I'm still in the evaluation of Neo4j vs. OrientDB. Most importantly I need Lucene as full-text index engine. So I created on both databases the same schema with the same data (300Mio lines). I'm also experienced with querying different things in both systems. I used the Standard Analyzer on both sides. The OrientDB test query results are all fine and really good in terms of reliability and speed. The speed of Neo4j is also ok but the results are kind of bad in most of the cases. So let's come to the different issues I have with Neo4j Lucene indexing. I always give you an example of how it would look in OrientDB and which result set you should be getting out of the query.
So in these examples, there are Applns that have title(s). Titles are indexed with Lucene in both databases. Applns also have an ID just to demonstrate the ordering. At the end of each query I have some questions about them. It would be great to get some feedback or even answers about them.

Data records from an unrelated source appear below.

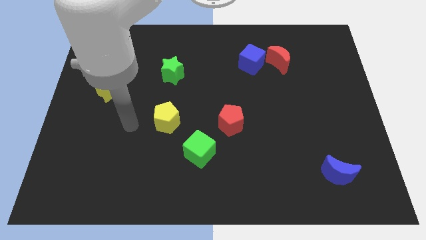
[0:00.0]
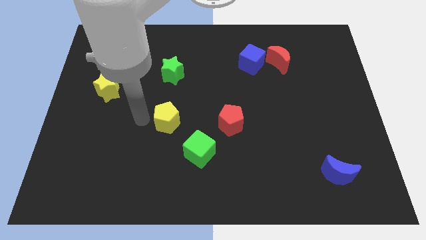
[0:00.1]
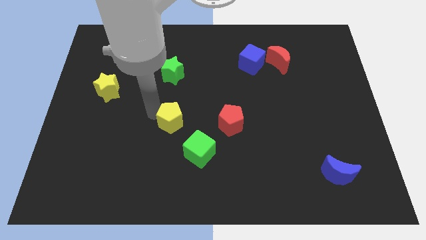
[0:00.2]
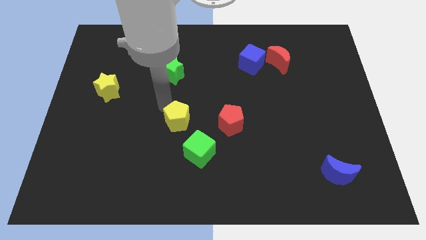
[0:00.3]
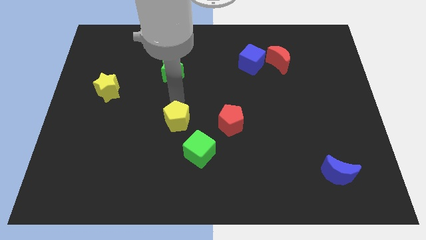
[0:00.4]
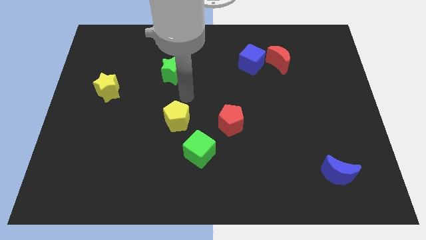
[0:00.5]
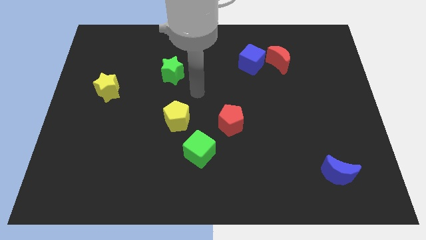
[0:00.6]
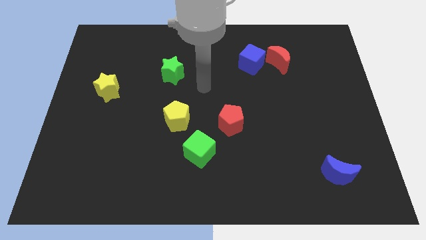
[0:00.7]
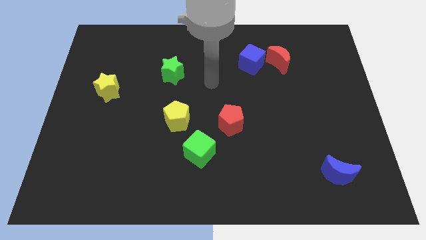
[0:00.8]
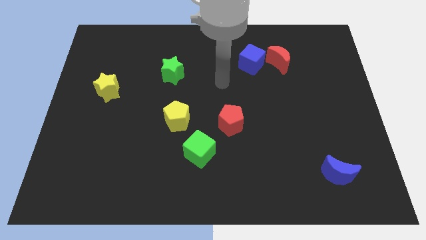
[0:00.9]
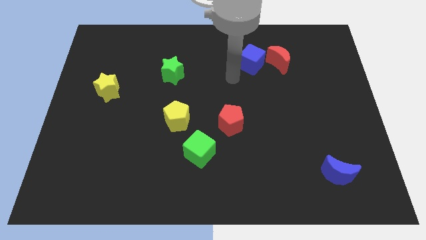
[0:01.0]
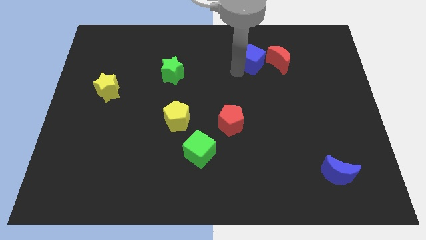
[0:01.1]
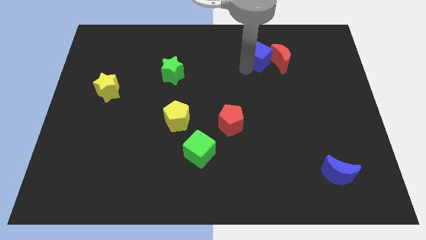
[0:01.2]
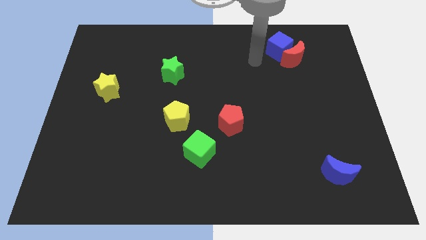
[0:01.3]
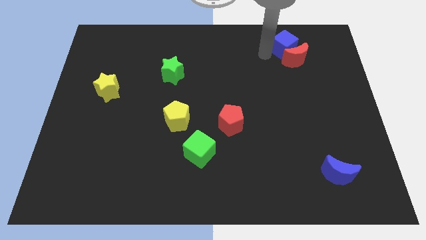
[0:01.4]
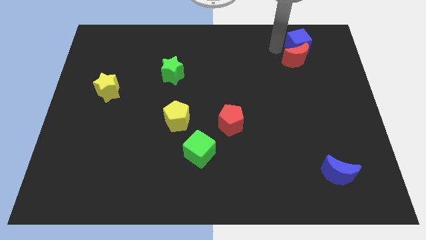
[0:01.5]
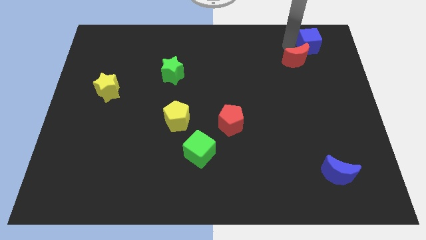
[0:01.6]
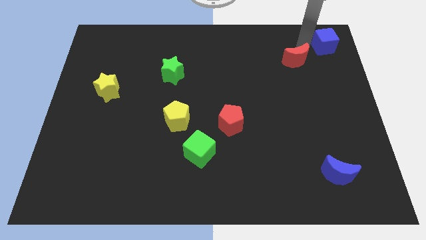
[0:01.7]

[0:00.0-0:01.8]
separate the red moon from the blue cube

Query #0: One word query with no order
Well this query is very simple. It shall be tested how the database behave if there is just a simple word and nothing else. As you can see the Neo4j result is way longer then the one from OrientDB. OrientDB is using TFIDF to keep the results short and more reliable to the actual search. As you can see as first result in OrientDB, there is title with SOLAR. That is totally missing in Neo4j, too.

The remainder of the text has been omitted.